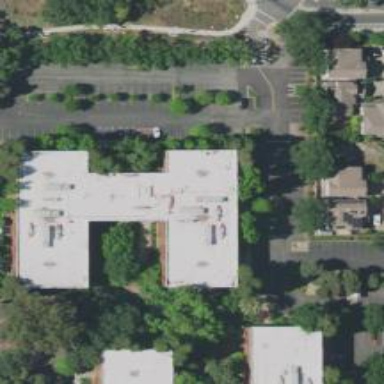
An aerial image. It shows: Clinic.
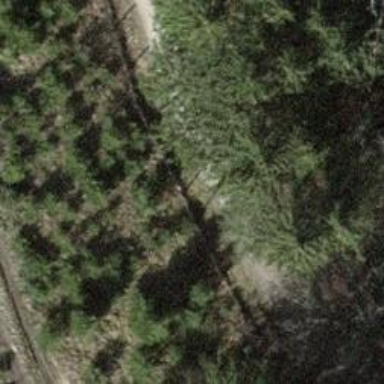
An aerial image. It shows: Compacted track with grade2 level.
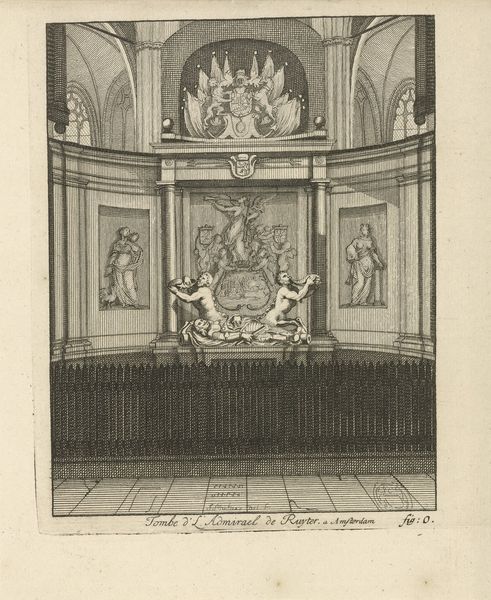
Titel: Graftombe van Michiel Adriaansz. de Ruyter
Künstler: Joseph Mulder
Standort: Amsterdam
Institution: Rijksmuseum
Schlagwörter: arch, columns, curtain, hall, men, people, white, window, women, black, figures, grey, old, wall, windows, satyr, building, light, drawing, frame, illustration, sculpture, statue, fence, temple, statues, coat of arms, horn, fresco, portal, altar, carving, plate, body, trumpet, photography, chapel, grave, niche, tomb, fan, blow, gates, coffin, amsterdam, pipes, admiral, manuscripts, tombe, gayrs, satrys, fam
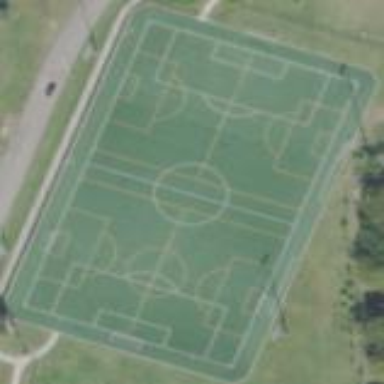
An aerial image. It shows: Soccer pitch designated for leisure and sports activities.
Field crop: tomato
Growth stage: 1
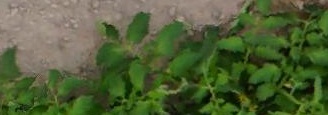
Species: tomato
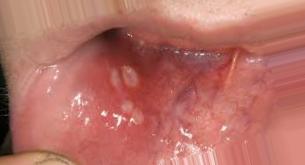
Condition: Mouth Ulcer
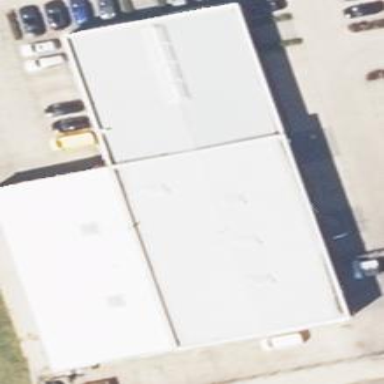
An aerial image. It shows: Building that houses car shop.
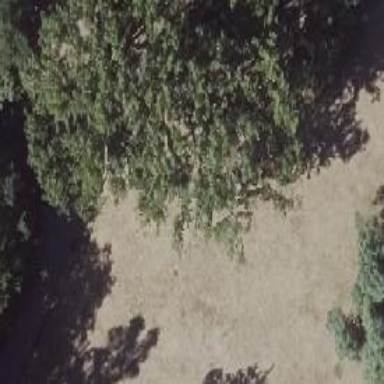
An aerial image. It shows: Deciduous broadleaved tree in park.
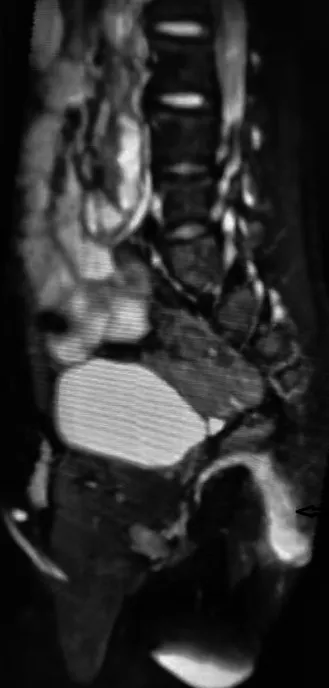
Sagittal T2-weighted perineum MRI shows a 25- mm anal fistula (arrow).
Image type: radiology (mri)
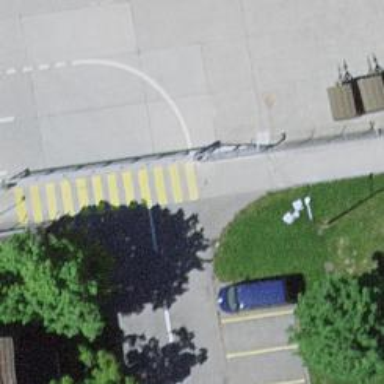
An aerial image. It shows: Marked crossing with zebra stripes on the road.
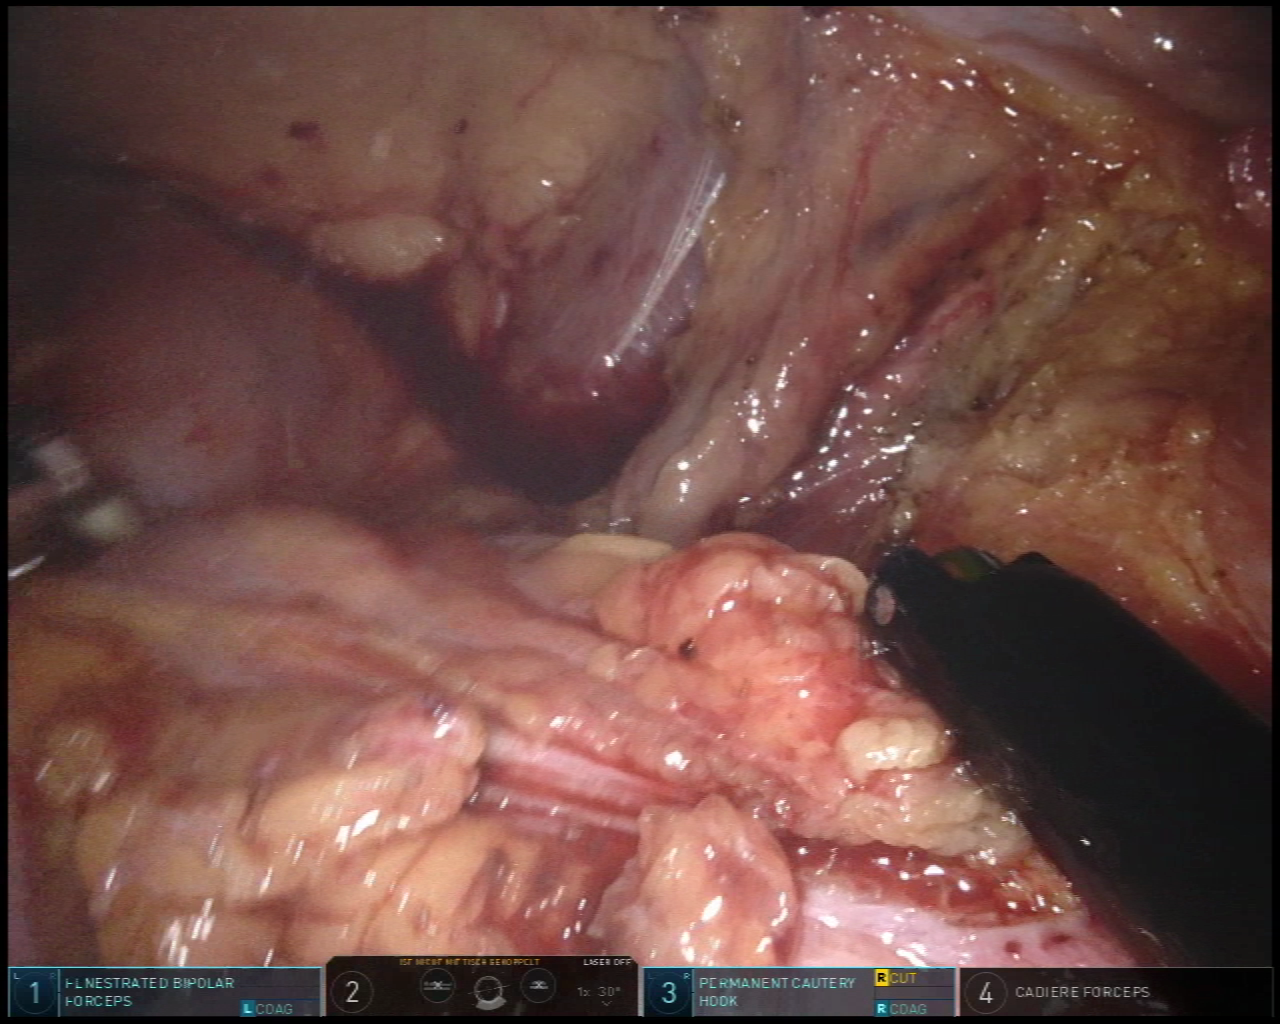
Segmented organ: ureter
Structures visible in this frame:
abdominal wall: no
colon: yes
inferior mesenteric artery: no
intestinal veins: no
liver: no
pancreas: no
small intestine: no
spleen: no
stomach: no
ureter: yes
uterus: no
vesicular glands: no
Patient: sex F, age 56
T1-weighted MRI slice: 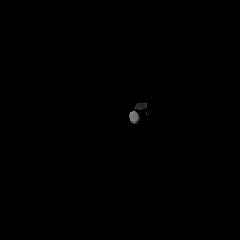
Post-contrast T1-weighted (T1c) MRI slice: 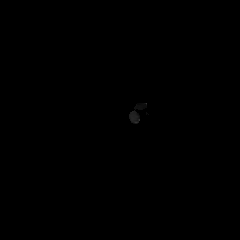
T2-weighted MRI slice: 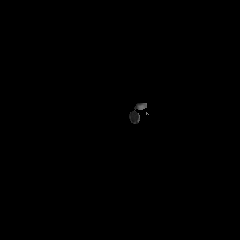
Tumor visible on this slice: no
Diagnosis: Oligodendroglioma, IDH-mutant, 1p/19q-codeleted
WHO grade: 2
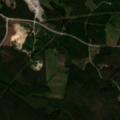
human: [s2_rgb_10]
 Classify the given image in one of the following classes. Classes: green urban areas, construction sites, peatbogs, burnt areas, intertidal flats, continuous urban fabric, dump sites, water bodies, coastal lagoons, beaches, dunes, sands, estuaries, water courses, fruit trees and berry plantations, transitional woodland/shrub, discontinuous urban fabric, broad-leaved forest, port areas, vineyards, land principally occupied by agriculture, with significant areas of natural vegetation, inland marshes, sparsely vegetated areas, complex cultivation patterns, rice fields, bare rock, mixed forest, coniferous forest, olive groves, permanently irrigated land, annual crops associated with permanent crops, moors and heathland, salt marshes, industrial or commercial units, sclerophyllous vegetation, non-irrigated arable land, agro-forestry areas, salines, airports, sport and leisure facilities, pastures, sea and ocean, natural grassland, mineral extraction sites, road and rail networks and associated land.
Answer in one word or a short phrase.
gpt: coniferous forest, mixed forest
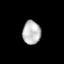
Tissue: lung
Cell type: Epithelial cells
Senescence score: 0.2269
Nuclear area (px): 418
Mean DAPI intensity: 188.359
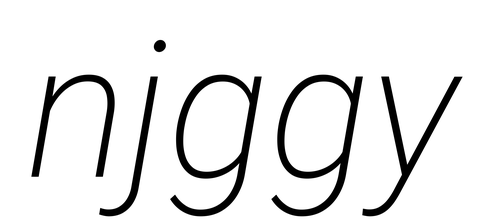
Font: Roboto-Italic_ExtraLight_Italic
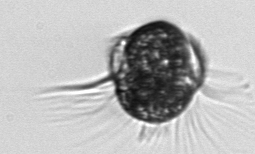
Label: Mesodinium
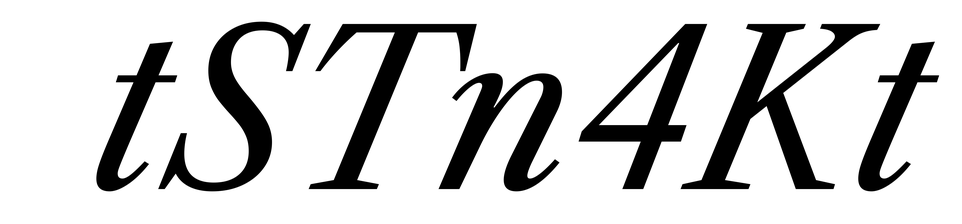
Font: LibreCaslonText-Italic_Italic
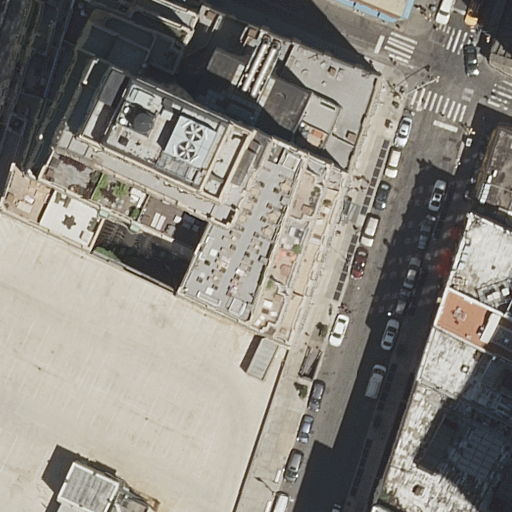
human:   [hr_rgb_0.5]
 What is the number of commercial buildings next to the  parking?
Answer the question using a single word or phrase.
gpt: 0

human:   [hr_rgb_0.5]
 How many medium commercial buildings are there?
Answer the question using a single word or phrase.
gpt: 0

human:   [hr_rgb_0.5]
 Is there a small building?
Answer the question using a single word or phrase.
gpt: no

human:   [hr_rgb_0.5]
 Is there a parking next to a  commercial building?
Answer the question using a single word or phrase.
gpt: no

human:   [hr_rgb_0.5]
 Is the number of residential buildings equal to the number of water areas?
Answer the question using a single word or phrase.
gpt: no

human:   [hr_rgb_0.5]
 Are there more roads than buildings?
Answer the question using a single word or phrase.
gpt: yes

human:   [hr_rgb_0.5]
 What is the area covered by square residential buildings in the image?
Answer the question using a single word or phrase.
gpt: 0m2

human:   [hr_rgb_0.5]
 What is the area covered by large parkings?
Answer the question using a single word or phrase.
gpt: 0m2

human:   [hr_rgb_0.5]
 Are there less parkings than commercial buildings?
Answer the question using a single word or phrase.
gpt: no

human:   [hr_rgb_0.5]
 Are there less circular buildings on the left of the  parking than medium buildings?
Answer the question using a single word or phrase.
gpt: yes

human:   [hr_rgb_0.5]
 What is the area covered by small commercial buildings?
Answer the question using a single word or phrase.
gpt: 0m2

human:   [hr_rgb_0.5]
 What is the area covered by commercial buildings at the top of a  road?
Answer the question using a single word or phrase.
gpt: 0m2

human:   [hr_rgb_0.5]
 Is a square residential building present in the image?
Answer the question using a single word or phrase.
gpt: no

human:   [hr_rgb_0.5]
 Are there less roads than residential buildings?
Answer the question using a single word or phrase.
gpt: no

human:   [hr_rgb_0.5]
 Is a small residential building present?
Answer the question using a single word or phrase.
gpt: no

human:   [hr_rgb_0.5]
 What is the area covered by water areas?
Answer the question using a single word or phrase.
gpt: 0m2

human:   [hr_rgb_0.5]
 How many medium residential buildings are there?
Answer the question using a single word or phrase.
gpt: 6

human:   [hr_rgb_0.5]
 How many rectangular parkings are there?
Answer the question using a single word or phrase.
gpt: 1

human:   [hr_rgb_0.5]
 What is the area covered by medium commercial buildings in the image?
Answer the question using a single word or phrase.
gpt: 0m2

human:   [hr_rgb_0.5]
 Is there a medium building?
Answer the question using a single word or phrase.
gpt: yes

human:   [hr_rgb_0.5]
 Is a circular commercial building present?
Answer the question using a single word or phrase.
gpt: no

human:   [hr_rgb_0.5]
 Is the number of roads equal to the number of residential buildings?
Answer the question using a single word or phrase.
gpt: no

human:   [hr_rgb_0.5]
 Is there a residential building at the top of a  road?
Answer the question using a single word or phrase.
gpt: yes

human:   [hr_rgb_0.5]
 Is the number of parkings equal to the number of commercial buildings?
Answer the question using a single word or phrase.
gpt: no

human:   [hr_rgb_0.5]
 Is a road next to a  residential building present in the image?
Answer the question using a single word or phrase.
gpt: yes

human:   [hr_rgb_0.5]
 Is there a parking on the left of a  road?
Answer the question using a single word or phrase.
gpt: yes

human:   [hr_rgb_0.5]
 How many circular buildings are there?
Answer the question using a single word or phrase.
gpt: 0

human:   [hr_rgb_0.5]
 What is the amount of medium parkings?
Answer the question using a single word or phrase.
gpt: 1

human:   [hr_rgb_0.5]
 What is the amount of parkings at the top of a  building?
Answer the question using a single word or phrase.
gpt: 0

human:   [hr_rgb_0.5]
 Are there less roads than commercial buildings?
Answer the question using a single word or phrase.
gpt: no

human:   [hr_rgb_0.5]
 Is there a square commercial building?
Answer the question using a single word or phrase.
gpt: no

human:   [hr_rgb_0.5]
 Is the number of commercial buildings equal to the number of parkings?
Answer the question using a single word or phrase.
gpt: no

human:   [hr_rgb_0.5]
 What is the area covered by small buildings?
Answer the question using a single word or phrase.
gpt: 0m2

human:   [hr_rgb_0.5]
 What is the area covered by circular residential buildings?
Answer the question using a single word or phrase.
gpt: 0m2

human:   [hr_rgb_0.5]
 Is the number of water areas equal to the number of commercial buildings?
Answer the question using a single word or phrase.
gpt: yes

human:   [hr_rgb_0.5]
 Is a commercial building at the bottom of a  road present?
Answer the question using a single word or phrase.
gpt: no
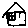
Label: house
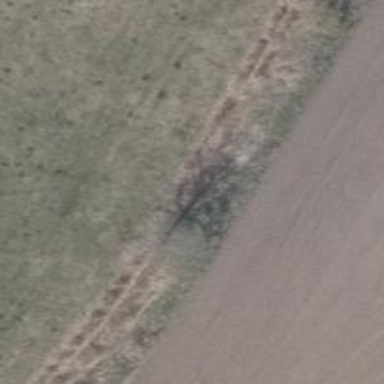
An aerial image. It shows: Hunting stand.
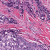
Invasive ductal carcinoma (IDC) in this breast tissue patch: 1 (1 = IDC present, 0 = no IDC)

**Goal of the exercise**
Tell how many lines in the data include the string "roads". Reply with the number and no other text.

**Answer for the task**
4